LNG Canada Raises Bar for Gulf Coast Projects



LNG Canada Raises Bar for Gulf Coast Projects
It could become harder to justify US Gulf Coast greenfield LNG proposals.

Now that Shell and its partners in the $31 billion LNG Canada project have decided to proceed with the investment on Canada’s West Coast, it could become more difficult to make the economic case for greenfield LNG export proposals on the U.S. Gulf Coast.

A major reason why, say analysts interviewed by Rigzone, is the difference in shipping costs to Asia from British Columbia versus facilities on the Texas and Louisiana coasts. While LNG carriers from British Columbia would enjoy a straight shot to Asian markets, vessels departing U.S. Gulf Coast terminals do not enjoy direct access to the Pacific Ocean.

“There are no choke or strategic shipping points in this route such as the Panama Canal, straits of Hormuz and the straits of Malacca,” said Madeline Jowdy, senior director of global gas and LNG analysis with S&P Global Platts, adding that Asia is home to three-quarters of the global LNG market.

“West Coast Canada is the closest non-Asian supplier to the north Asian demand centers of China, Japan and Korea,” said Jowdy. “Shipping costs are a critical factor in LNG due to boil off costs. During periods of global gas price convergence, the lower shipping costs are a critical factor in producing the marginal cargo.”
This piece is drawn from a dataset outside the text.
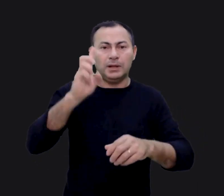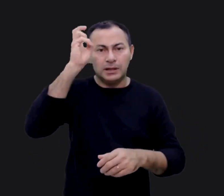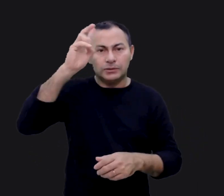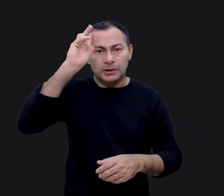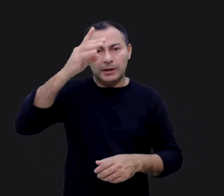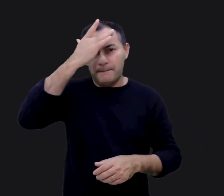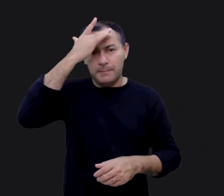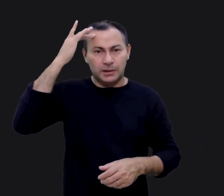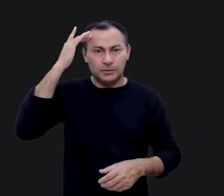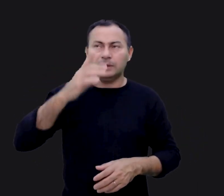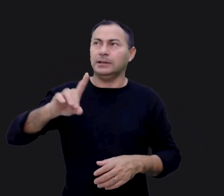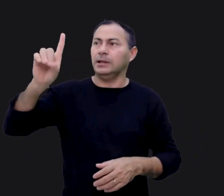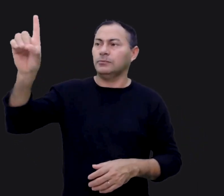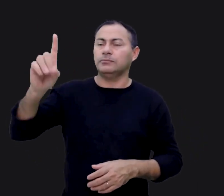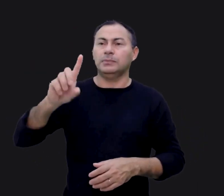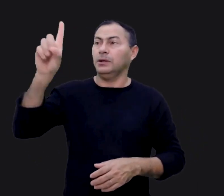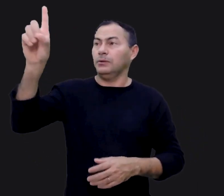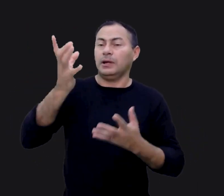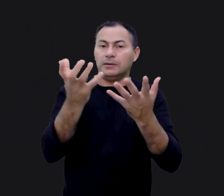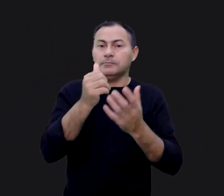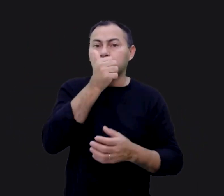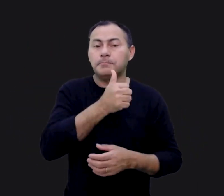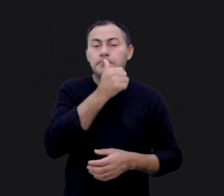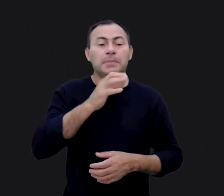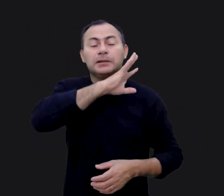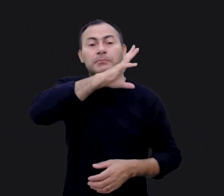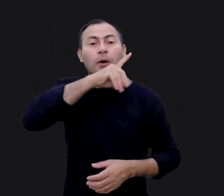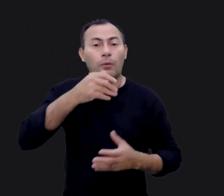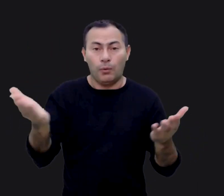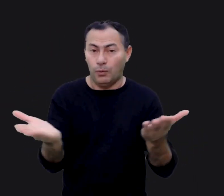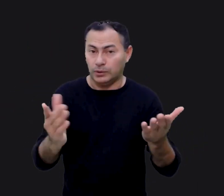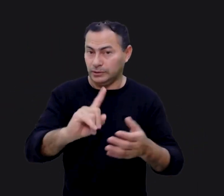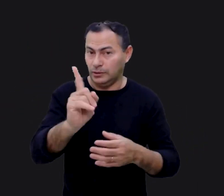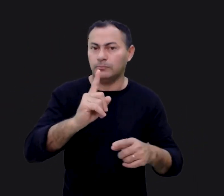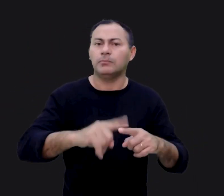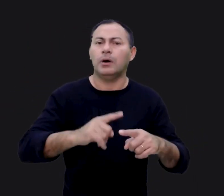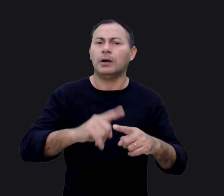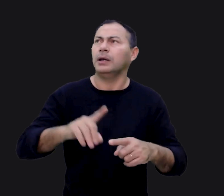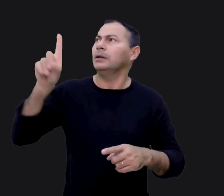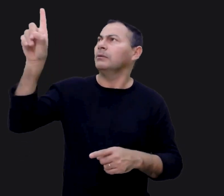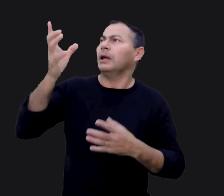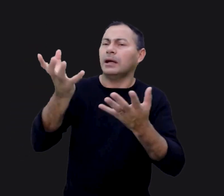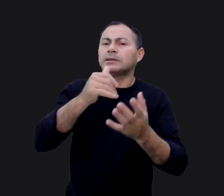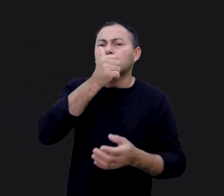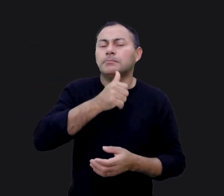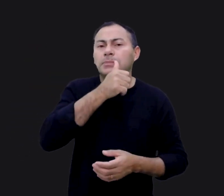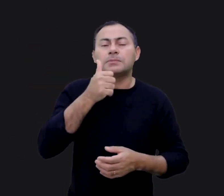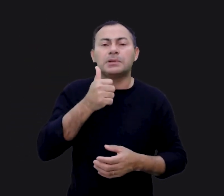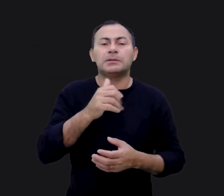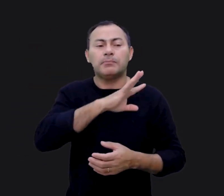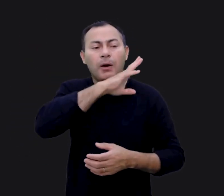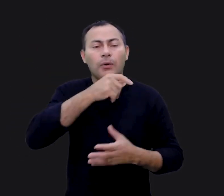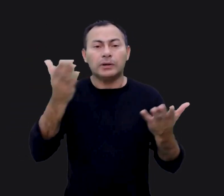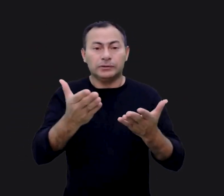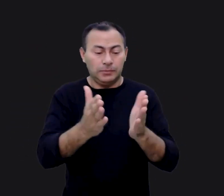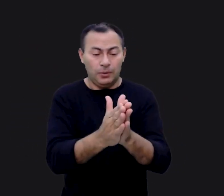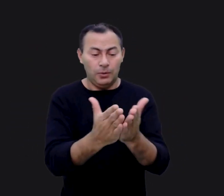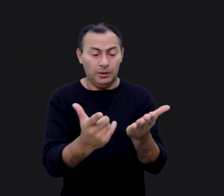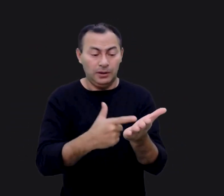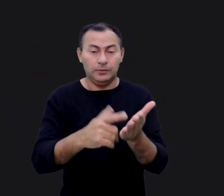mudaram na história do homem e Deus. Deus não requer sacrifício de animal hoje. Por que Ele não requer? O livro de Hebreus coloca essas
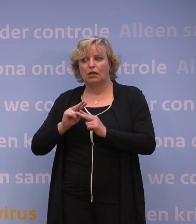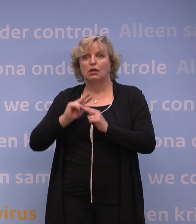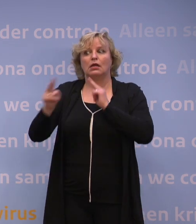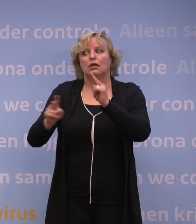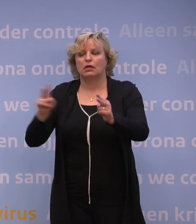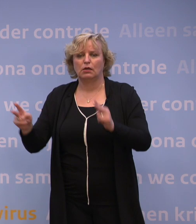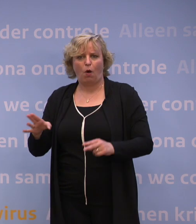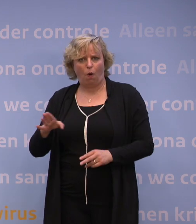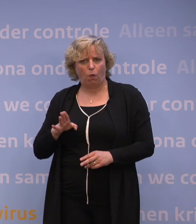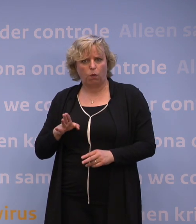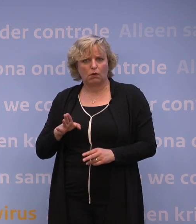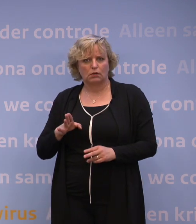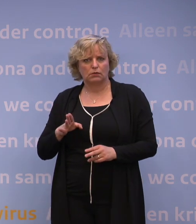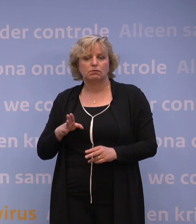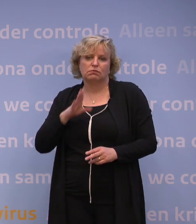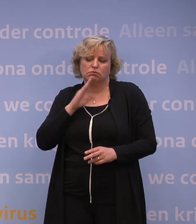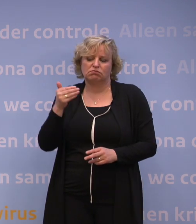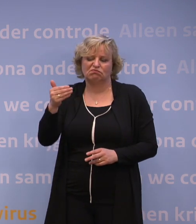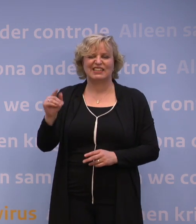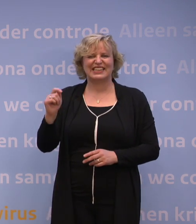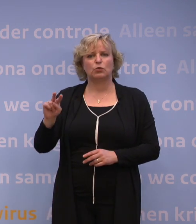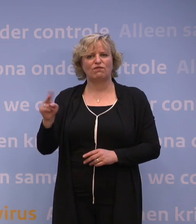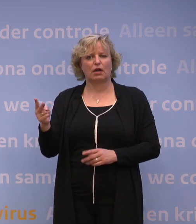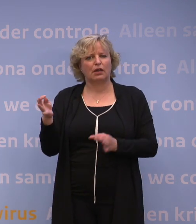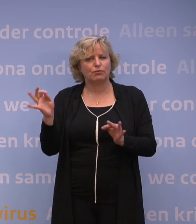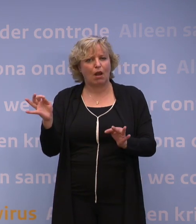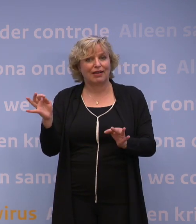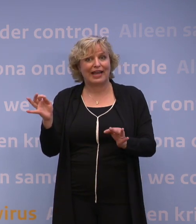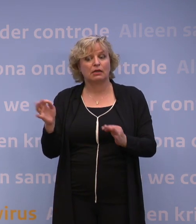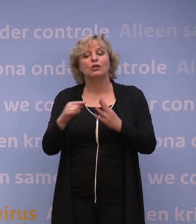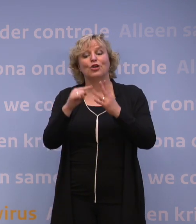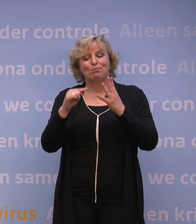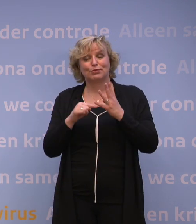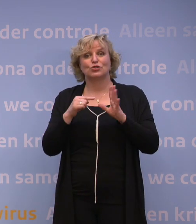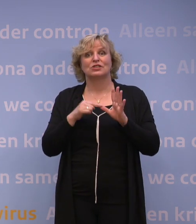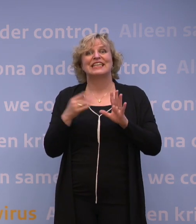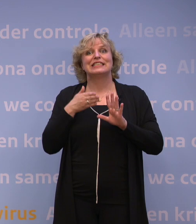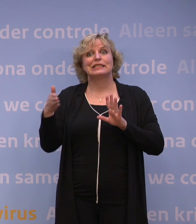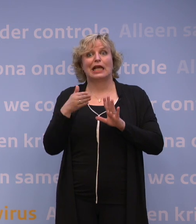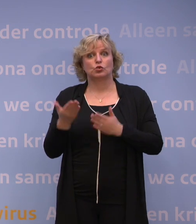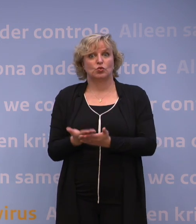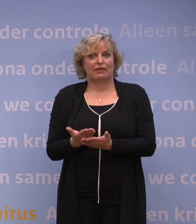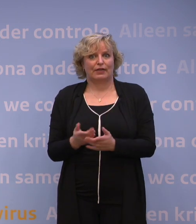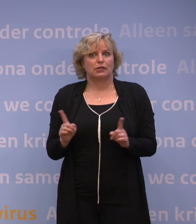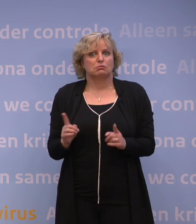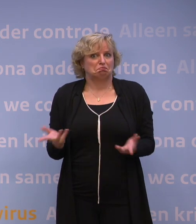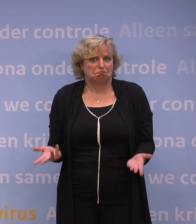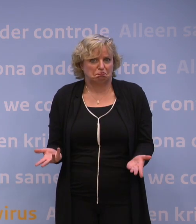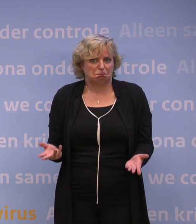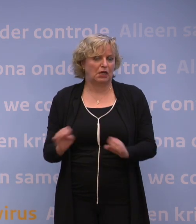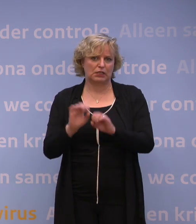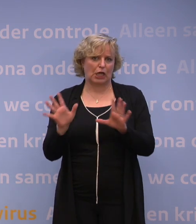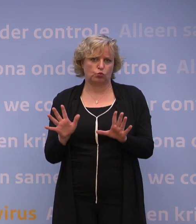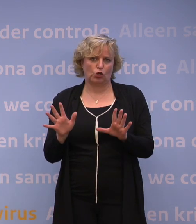En dat kan weer van belang zijn vooral als er nieuwe varianten komen. En je weet niet wat het seizoenseffect is. Dus er zijn echt nog onzekerheden. Dus ja,

Jowdy added that the trade war between the United States and China – specifically, perceptions about the political risk of supplying U.S.-sourced LNG to China – could dampen the prospects for some next-generation Gulf Coast projects.

“China will account for roughly 35 percent of total demand growth over the next five years and, at this point, they are under-contracted,” Jowdy noted.

The final investment decision for LNG Canada marks a dramatic shift for Canada’s budding LNG sector, noted Jason Feer, global head of business intelligence with Poten & Partners.

“A year, year-and-a-half ago, the Canadian projects all looked very troubled,” Feer said, citing challenges such as high pipeline costs to carry natural gas from wellsites to the coast and controversies tied to transiting land owned by First Nations. “They were all vexing issues for the project developers.”

Feer noted that there’s now a stronger likelihood that other Western Canada LNG proposals will win final approval as well.

“For Canada, I think it’s a big deal,” said Feer, pointing out that Canada’s gas export options are now limited to its southern neighbor – where domestic gas production has risen dramatically. “I think this gives them a good way of continuing to export.”

Acknowledging that project development costs tend to be higher in Canada compared to the United States, Feer noted that Western Canada’s LNG shipping cost advantage – no canals to transit – serves as an offset.

“Gas in Western Canada should be quite competitive,” said Feer. “I think it’s a real challenge to Gulf Coast greenfield projects that go to final investment decision. They need to be able to cut costs to overcome that shipping cost advantage.”